__Required action__. Return each entry word for word, without its pictures.

__Provided information__.
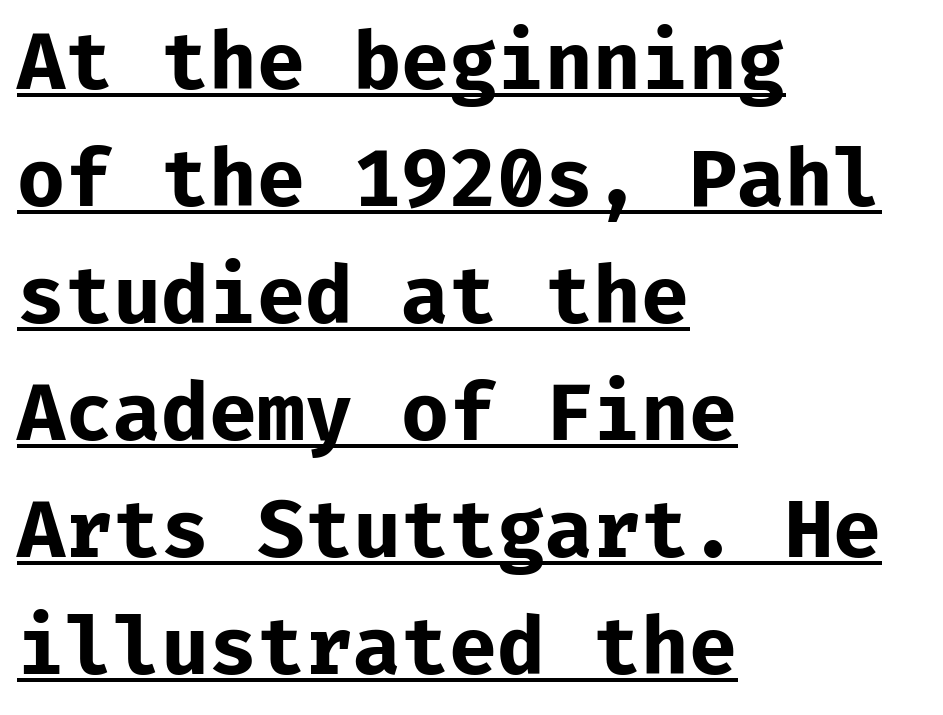
The image shows 78 px bold sans-serif type, upright; set left-aligned, normal line spacing (1.5x), normal letter spacing, underlined; low stroke contrast and a medium x-height.
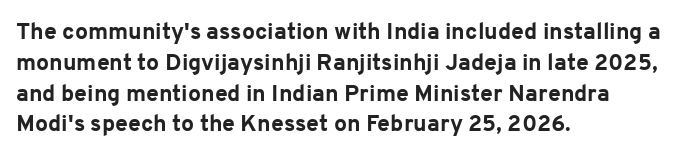
{"italic": "no", "bold": "yes", "underline": "no", "align": "left", "line_spacing": "normal", "line_spacing_ratio": 1.34, "letter_spacing": "normal", "letter_spacing_em": 0.0, "glyph_px": 23}
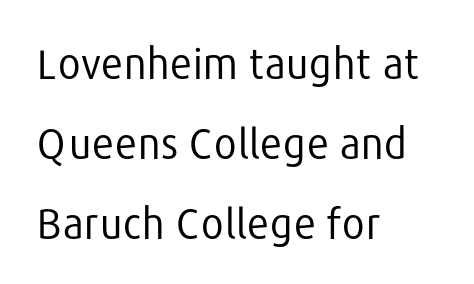
The passage shown is not bold in any degree. The letterforms sit shoulder to shoulder at normal distance. Does the lettering tilt? It doesn't — this is upright. Is this a fixed-width face? No — the glyphs have proportional, varying widths.
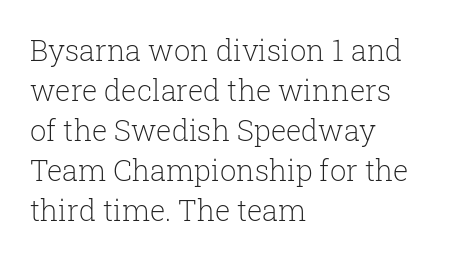
Q: Is the text bold? A: No.
Q: Is the text italic (slanted)? A: No, it is upright.
Q: Is the typeface a serif or a sans-serif typeface? A: Serif.
Q: Is the text underlined? A: No.
Q: How is the paragraph aligned? A: Left-aligned.
Q: Is the spacing between letters normal or unusually wide? A: Normal.
Q: Is the spacing between lines tight, normal or loose? A: Normal.
Q: Width (condensed, normal, or wide)? A: Normal.
Q: Stroke contrast? A: Low.
Q: x-height? A: Medium.
Q: Monospaced? A: No.

__Written solution__.
The image shows 78 px bold sans-serif type, upright; set left-aligned, normal line spacing (1.5x), normal letter spacing, underlined; low stroke contrast and a medium x-height.
{"italic": "no", "bold": "yes", "underline": "no", "align": "left", "line_spacing": "normal", "line_spacing_ratio": 1.34, "letter_spacing": "normal", "letter_spacing_em": 0.0, "glyph_px": 23}
The passage shown is not bold in any degree. The letterforms sit shoulder to shoulder at normal distance. Does the lettering tilt? It doesn't — this is upright. Is this a fixed-width face? No — the glyphs have proportional, varying widths.
Q: Is the text bold? A: No.
Q: Is the text italic (slanted)? A: No, it is upright.
Q: Is the typeface a serif or a sans-serif typeface? A: Serif.
Q: Is the text underlined? A: No.
Q: How is the paragraph aligned? A: Left-aligned.
Q: Is the spacing between letters normal or unusually wide? A: Normal.
Q: Is the spacing between lines tight, normal or loose? A: Normal.
Q: Width (condensed, normal, or wide)? A: Normal.
Q: Stroke contrast? A: Low.
Q: x-height? A: Medium.
Q: Monospaced? A: No.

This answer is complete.